Melvin Udall: I’ve got a really great compliment for you, and it’s true.

Carol Connelly: I’m so afraid you’re about to say something awful.

Melvin Udall: Don’t be pessimistic, it’s not your style. Okay, here I go: Clearly, a mistake. I’ve got this, what – ailment? My doctor, a shrink that I used to go to all the time, he says that in fifty or sixty percent of the cases, a pill really helps. I *hate* pills, very dangerous thing, pills. Hate. I’m using the word “hate” here, about pills. Hate. My compliment is, that night when you came over and told me that you would never… all right, well, you were there, you know what you said. Well, my compliment to you is, the next morning, I started taking the pills.

Carol Connelly: I don’t quite get how that’s a compliment for me.

Melvin Udall: You make me want to be a better man.

Carol Connelly: …That’s maybe the best compliment of my life.

Melvin Udall: Well, maybe I overshot a little, because I was aiming at just enough to keep you from walking out.

So, what does this exchange have to do with the divorce rate and sales?
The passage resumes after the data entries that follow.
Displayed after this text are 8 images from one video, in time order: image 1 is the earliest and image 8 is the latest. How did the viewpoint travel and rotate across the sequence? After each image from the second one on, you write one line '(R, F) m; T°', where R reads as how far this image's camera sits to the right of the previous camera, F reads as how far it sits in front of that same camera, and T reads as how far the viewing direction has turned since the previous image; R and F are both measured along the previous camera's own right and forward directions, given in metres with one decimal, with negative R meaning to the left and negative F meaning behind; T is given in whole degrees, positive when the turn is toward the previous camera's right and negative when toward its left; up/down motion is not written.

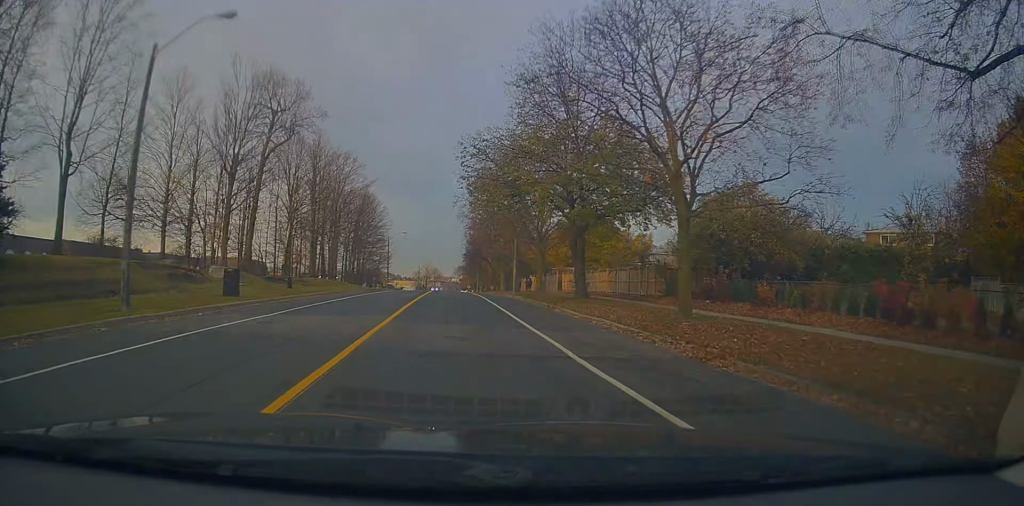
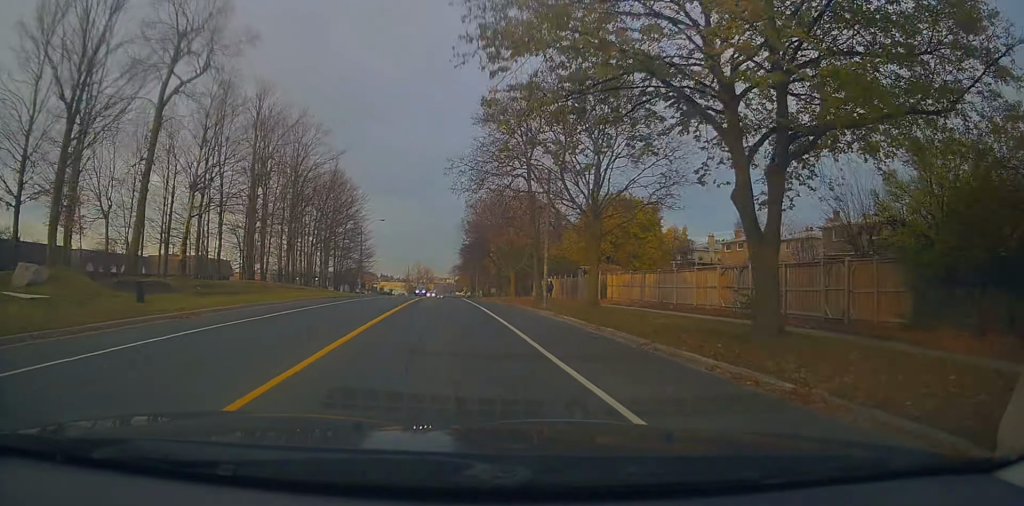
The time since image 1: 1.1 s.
(+0.2, +19.9) m; +2°
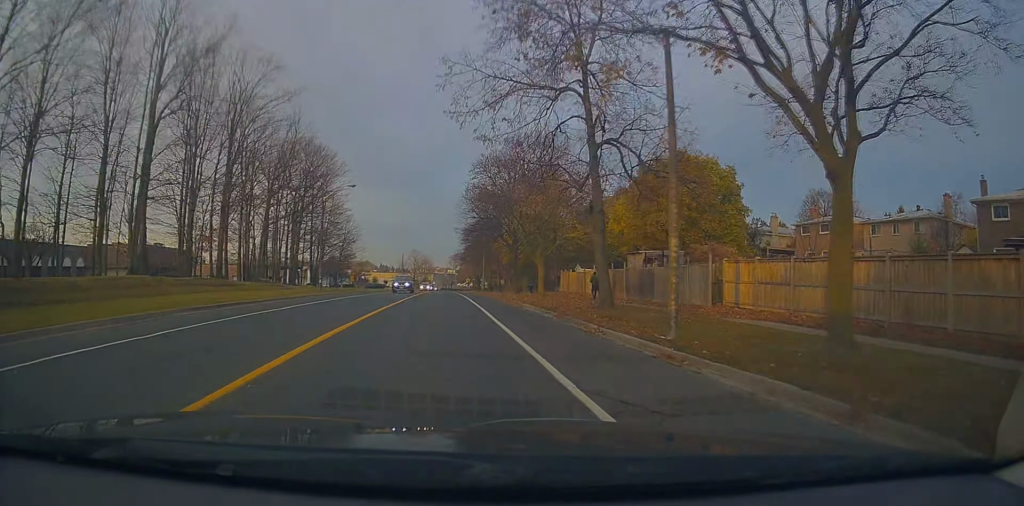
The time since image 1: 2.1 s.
(+0.4, +18.2) m; +1°
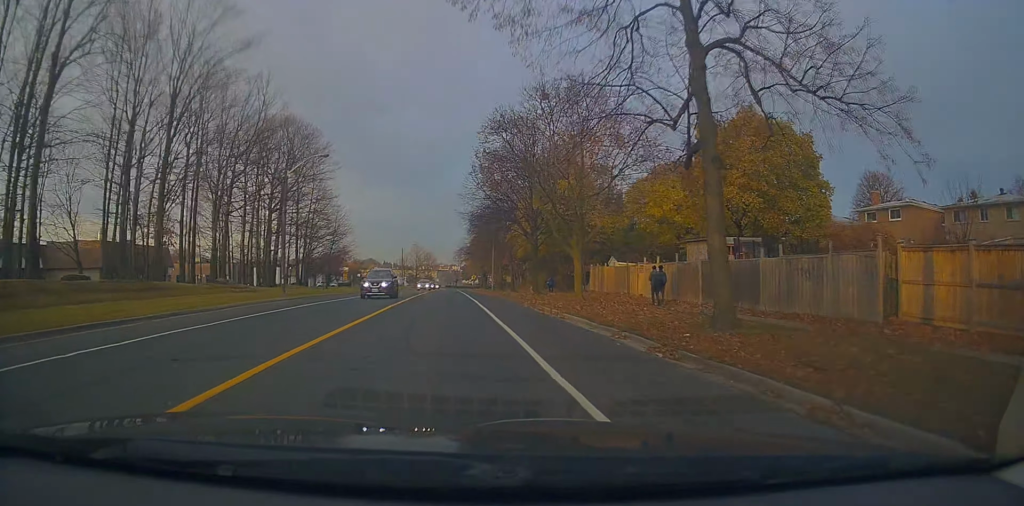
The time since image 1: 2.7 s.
(+0.1, +10.8) m; -1°
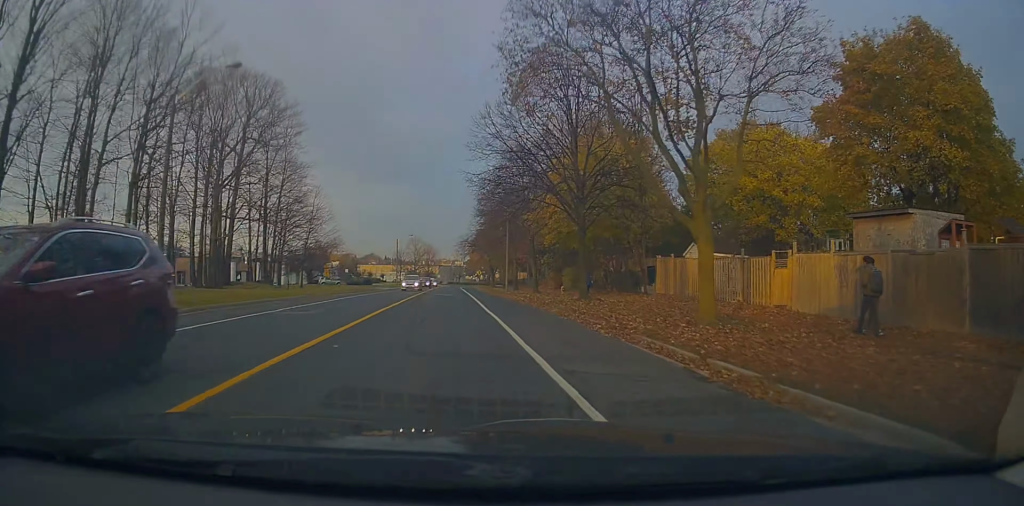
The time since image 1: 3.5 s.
(-0.3, +14.8) m; -1°
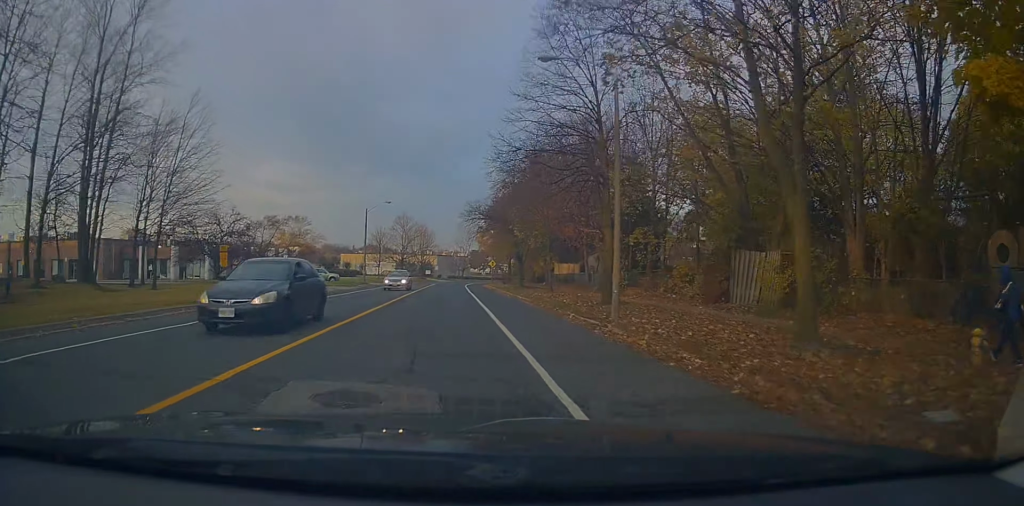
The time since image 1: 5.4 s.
(+0.1, +35.3) m; +1°
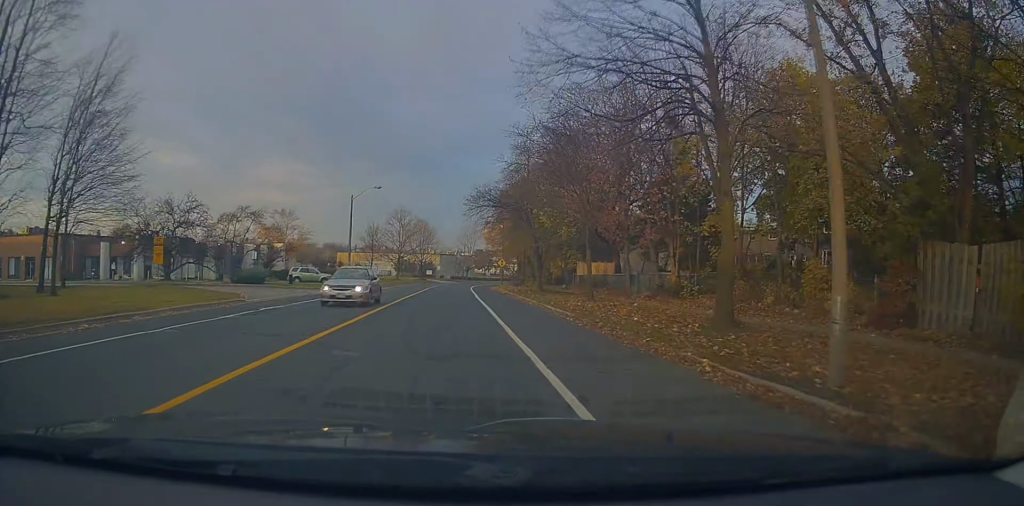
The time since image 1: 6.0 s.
(+0.3, +10.5) m; 0°
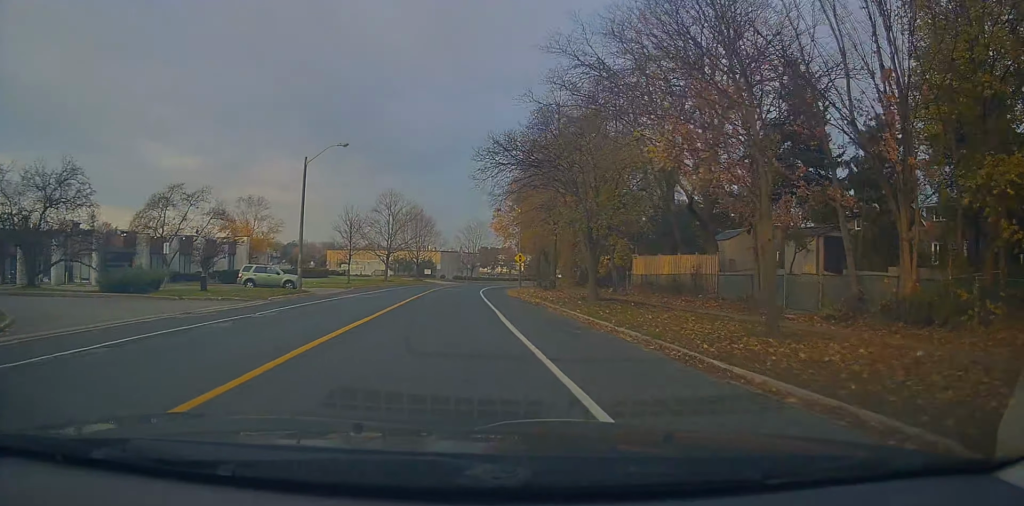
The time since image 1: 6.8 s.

If you watch the movie you’ll learn that Carol (the salesperson) isn’t looking to change Melvin. She’s looking to find a “normal boy friend”. So, many service providers start a relationship by saying something like, “I can change your life!”, but it’s not until the prospect says, “I want you to change my life.” that movement begins and it’s at that point that both parties get on the same page.

Until the prospect says of their own volition, “You make me want to be a better man.” your relationship is doomed. That’s why I suggest that your sales process should be a disqualification process rather that a qualification process. My goal is no bad marriages and no divorces.

This post is done, but I’d like to share one more thing. Each of my clients has said something like, “You make me want to be a better man.” and as a result they make me want to be a better coach.

Want a sample?

One thought on “Divorce and Sales

  1. Rick first off, congratulations on 38+ years! My wife and I are complete opposites and I thought this was a bad thing early on even though we had some core common beliefs. What I have learned though is where I am weak my wife steps up and fills the gaps, likewise I fill in where she has weaknesses. This makes us a well rounded strong machine.

    I am wondering your thoughts on this type of a relationship in business. Do client/vendor relationships work better when we are opposites or when we are very much alike? Does this matter as long as the client realizes they want to be better and they know you can help make them a better man (company)?

    Another thought is it easier to define what you Do want in a client or what you DON’T want in a client? How many people actually do this in order to qualify and disqualify prospects? Should this be an exercise we all do to quickly define a good client and start disqualifying prospects quicker?